Case ID: ad2d_299/html/0451-01.html
Source: Caselaw Access Project
Author: {"author": "", "license": "Public Domain", "url": "https://static.case.law/"}
Date Created: 2024-08-24T03:29:51.129683

John P. Gorman et al., Respondents, v Jeffrey Sherman et al., Appellants.
    [749 NYS2d 893]
   In an action, inter alia, pursuant to RPAPL article 15 to compel the determination of claims to real property, the defendants appeal from so much of an order of the Supreme Court, Westchester County (Donovan, J.), entered December 20, 2001, as denied that branch of their motion which was for summary judgment on the first and third counterclaims.

Ordered that the order is affirmed insofar as appealed from, with costs.

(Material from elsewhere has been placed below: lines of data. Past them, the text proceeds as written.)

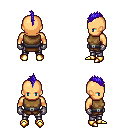
a pixel art fantasy rpg character, male body template, human, tanned skin, leather chest armor, metal pants, blue mohawk hairstyle, metal gloves, gold boots, four views (front, back, left, right), 2x2 character sprite sheet, small pixel art, hard edges, no anti-aliasing
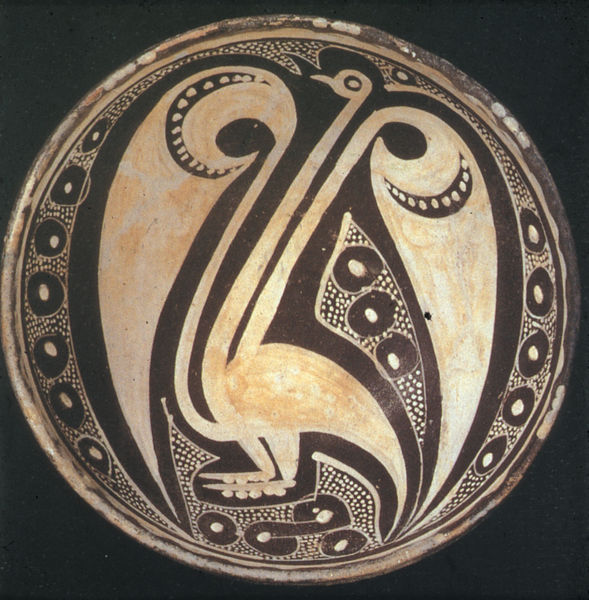
Titel: Schale aus dem Iran oder Zentralasien
Künstler: unbekannt
Standort: Kopenhagen
Institution: David Collection
Schlagwörter: dunkel, flügel, fuß, gott, kopf, körper, vogel, weiß, gelb, ocker, braun, elegant, geschwungen, hell, orange, schwarz, zeichnung, rot, tier, beige, malerei, muster, ornament, augen, gefieder, schale, schüssel, stehen, taube, teller, trauer, hals, natur, vögel, auge, perlen, kreis, rund, runf, keramik, ton, vase, beine, schwanz, füße, ente, schnabel, schwan, abstrakt, hellbraun, formen, klein, monochrom, rand, angst, brand, white, tafel, black, yellow, ornamente, verzierung, pattern, metall, strauss, plastik, umriss, bemalt, abstrahiert, foto, fotografie, punkte, schild, antike, gefäss, motiv, porzellan, orient, asien, scheibe, schwarzweiss, blanc, noir, stilisiert, kreise, tupfen, pfau, krallen, pelikan, mosaik, ornamental, flecken, china, diagonal, geometrisch, arabisch, zähne, voluten, chwarz, hubi, amulett, antik, griechen, greek, roman, griechisch, schwingen, griechenland, schweiff, bemalung, eule, bird, peacock, ausstellungsstück, glasur, gebrannt, majolika, tränen, rundungen, urn, rumpf, indianisch, eier, archäologie, kringel, oiseau, köfper, motif, graphique, ornement, fundstück, pottery, afrikanisch, arachische kunst, arfikanisch, australien, eingebohren, gebrann, grüns, rotfigurig, zweifarbenbrand, bol, ceramique, ailes, point, plate, coupe, tan, jug, symbol, african american, bowl, blak, pointilliste, phoenix, ashes, ethnic, tribal, grecian, vogelstrauß, schwarz beige, bec, rising, egyption, phoenitian
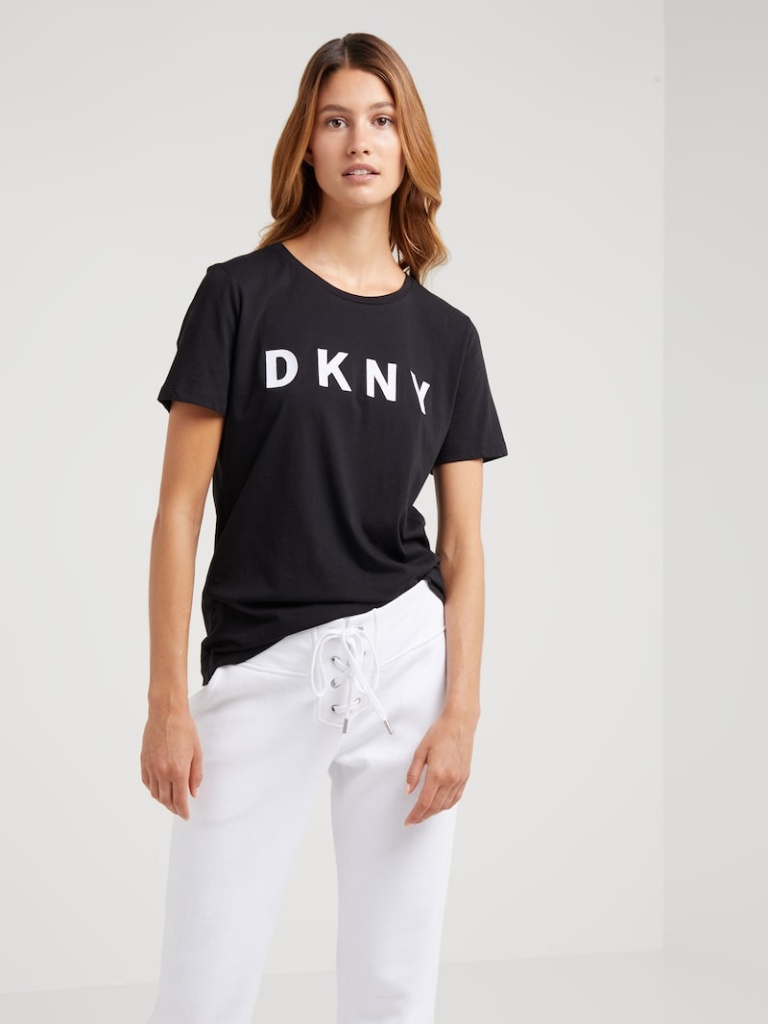
cotton relaxed short sleeve hip length French Tucked crew t-shirt
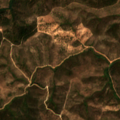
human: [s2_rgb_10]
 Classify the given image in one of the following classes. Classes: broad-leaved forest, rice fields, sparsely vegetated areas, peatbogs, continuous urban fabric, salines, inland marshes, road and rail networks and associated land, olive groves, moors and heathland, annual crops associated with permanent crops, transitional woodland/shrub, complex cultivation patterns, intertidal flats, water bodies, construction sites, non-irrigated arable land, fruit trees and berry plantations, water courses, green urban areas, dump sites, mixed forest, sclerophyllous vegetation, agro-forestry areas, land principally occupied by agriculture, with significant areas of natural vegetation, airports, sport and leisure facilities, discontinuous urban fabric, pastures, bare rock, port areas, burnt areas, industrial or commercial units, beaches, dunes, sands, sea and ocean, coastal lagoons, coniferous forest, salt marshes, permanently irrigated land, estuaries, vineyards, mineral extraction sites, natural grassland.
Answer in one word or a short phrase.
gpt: broad-leaved forest, transitional woodland/shrub
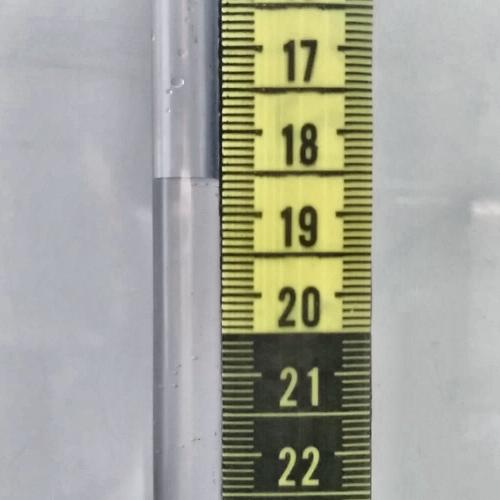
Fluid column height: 18.6 cm
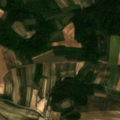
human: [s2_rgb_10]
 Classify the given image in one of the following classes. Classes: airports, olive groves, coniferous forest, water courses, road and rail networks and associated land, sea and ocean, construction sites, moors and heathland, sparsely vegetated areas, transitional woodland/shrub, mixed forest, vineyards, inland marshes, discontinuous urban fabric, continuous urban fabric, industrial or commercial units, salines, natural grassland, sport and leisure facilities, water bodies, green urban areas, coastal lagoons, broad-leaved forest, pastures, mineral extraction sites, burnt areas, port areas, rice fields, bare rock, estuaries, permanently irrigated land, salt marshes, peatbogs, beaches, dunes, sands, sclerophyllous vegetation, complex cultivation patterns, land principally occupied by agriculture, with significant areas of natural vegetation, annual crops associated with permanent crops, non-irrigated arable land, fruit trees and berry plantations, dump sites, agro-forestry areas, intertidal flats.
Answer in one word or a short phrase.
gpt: discontinuous urban fabric, non-irrigated arable land, vineyards, land principally occupied by agriculture, with significant areas of natural vegetation, broad-leaved forest
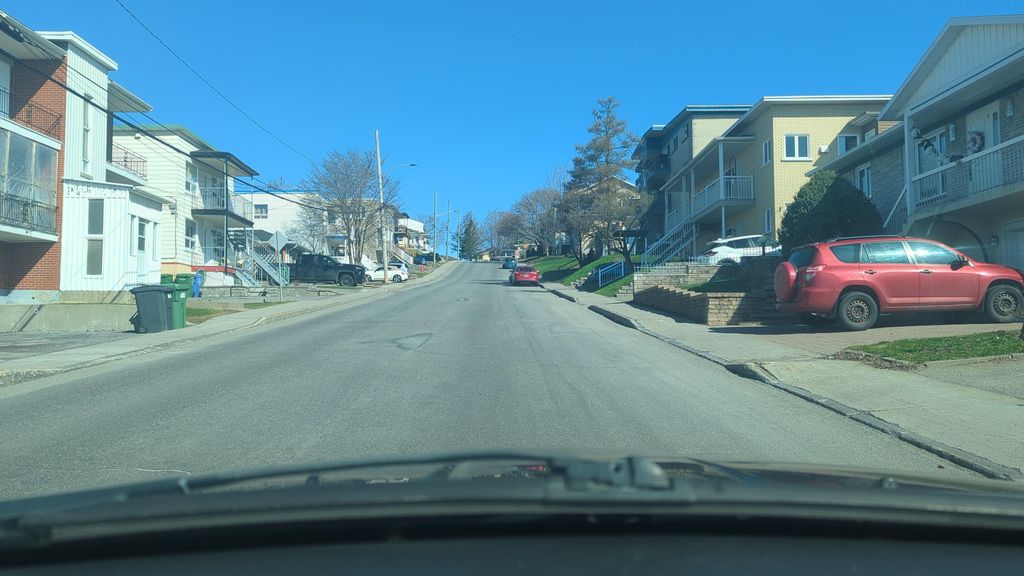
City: quebec_city
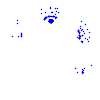
Particle: electron
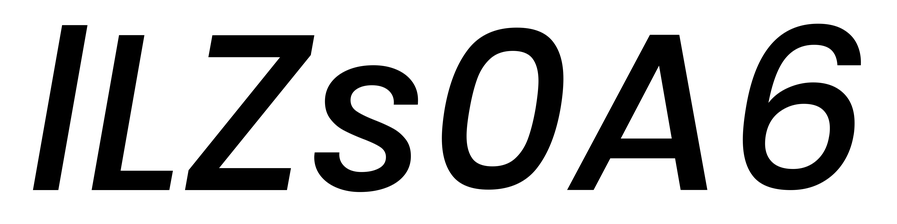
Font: Poppins-MediumItalic
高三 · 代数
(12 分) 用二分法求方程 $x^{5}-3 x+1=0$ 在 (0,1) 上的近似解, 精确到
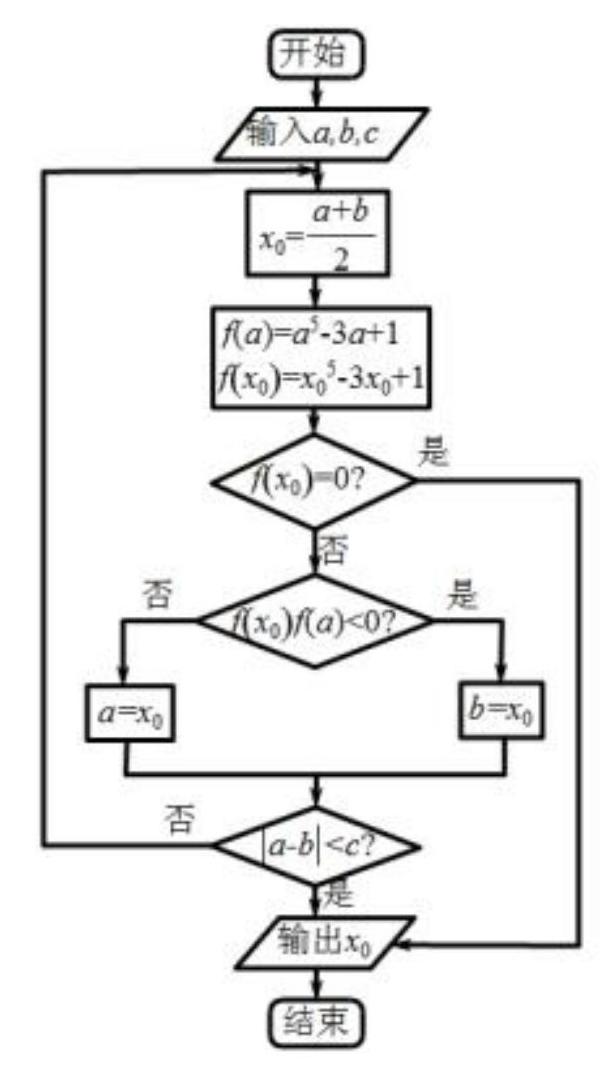
解析: 算法:第一步: 取 $[a, b]$ 中点 $x_{0}=\frac{1}{2}(a+b)$, 将区间一分为二;第二步: 若 $f\left(x_{0}ight)=0$, 则 $x_{0}$ 就是方程的根; 否则所求根 $x^{*}$ 在 $x_{0}$ 左侧或右侧;若 $f(a) f\left(x_{0}ight)>0$, 则 $x^{*} \in\left(x_{0}, bight)$, 以 $x_{0}$ 代替 $a$;若 $f(a) f\left(x_{0}ight)<0$, 则 $x^{*} \in\left(a, x_{0}ight)$, 以 $x_{0}$ 代替 $b$;第三步: 若 $|a-b|<c$, 计算终止, 此时 $x^{*} \approx x_{0}$, 否则转到第一步.
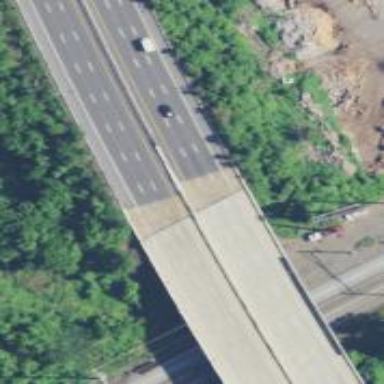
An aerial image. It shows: Bridge over trunk highway expressway.
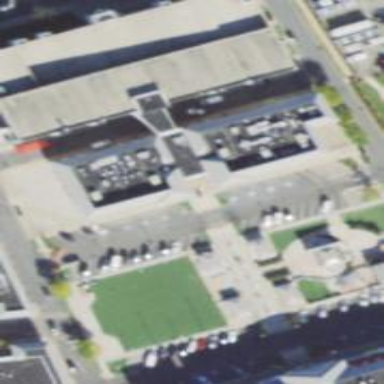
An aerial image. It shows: Building with flat roof. The building has multiple parts.
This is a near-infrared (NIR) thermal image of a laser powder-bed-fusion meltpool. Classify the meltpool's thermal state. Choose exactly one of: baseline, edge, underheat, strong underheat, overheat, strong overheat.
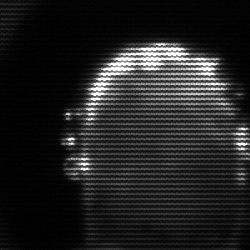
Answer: baseline
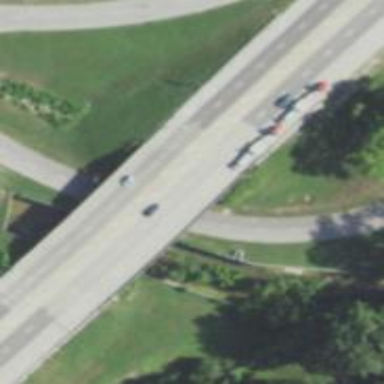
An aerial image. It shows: Trunk link highway.
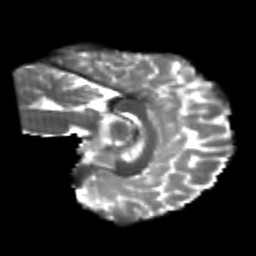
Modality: T2w
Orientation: sagittal
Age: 21
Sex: female
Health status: healthy
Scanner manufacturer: philips
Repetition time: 7.384 s
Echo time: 0.08599 s
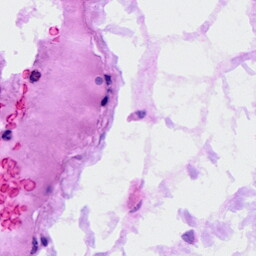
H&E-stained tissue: Ovarian
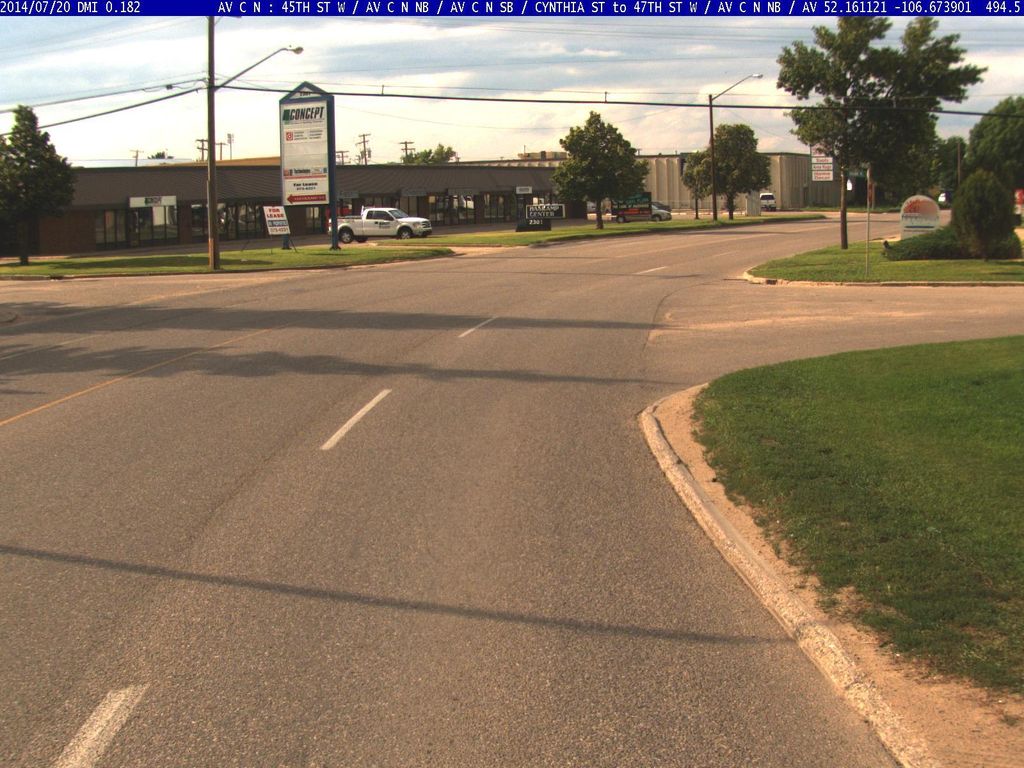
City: saskatoon

It is well settled that a party who seeks to acquire title to real property by adverse possession must demonstrate, by clear and convincing evidence, that their possession of the property “was hostile, under a claim of right, actual, open, notorious, and exclusive, and it must have been continuous for the statutory period” (Barnett v Nelson, 248 AD2d 656, 657; see Ray v Beacon Hudson Mtn. Corp., 88 NY2d 154, 159; Brand v Prince, 35 NY2d 634, 636). Further, on a claim not based upon a written instrument, the party must “produce evidence that the subject premises was either ‘usually cultivated or improved’ or ‘protected by a substantial enclosure’ (RPAPL 522 [1], [2]), consistent with the property’s character, location, condition and potential uses” (Barnett v Nelson, supra at 657). In the instant case, the Supreme Court properly denied that branch of the defendants’ motion which was for summary judgment on their first and third counterclaims, as triable issues of fact exist as to whether the defendants acquired title to the disputed property by adverse possession (see generally Zuckerman v City of New York, 49 NY2d 557).

In light of this determination, we need not address the plaintiffs’ remaining contentions. O’Brien, J.P., Friedmann, H. Miller and Cozier, JJ., concur.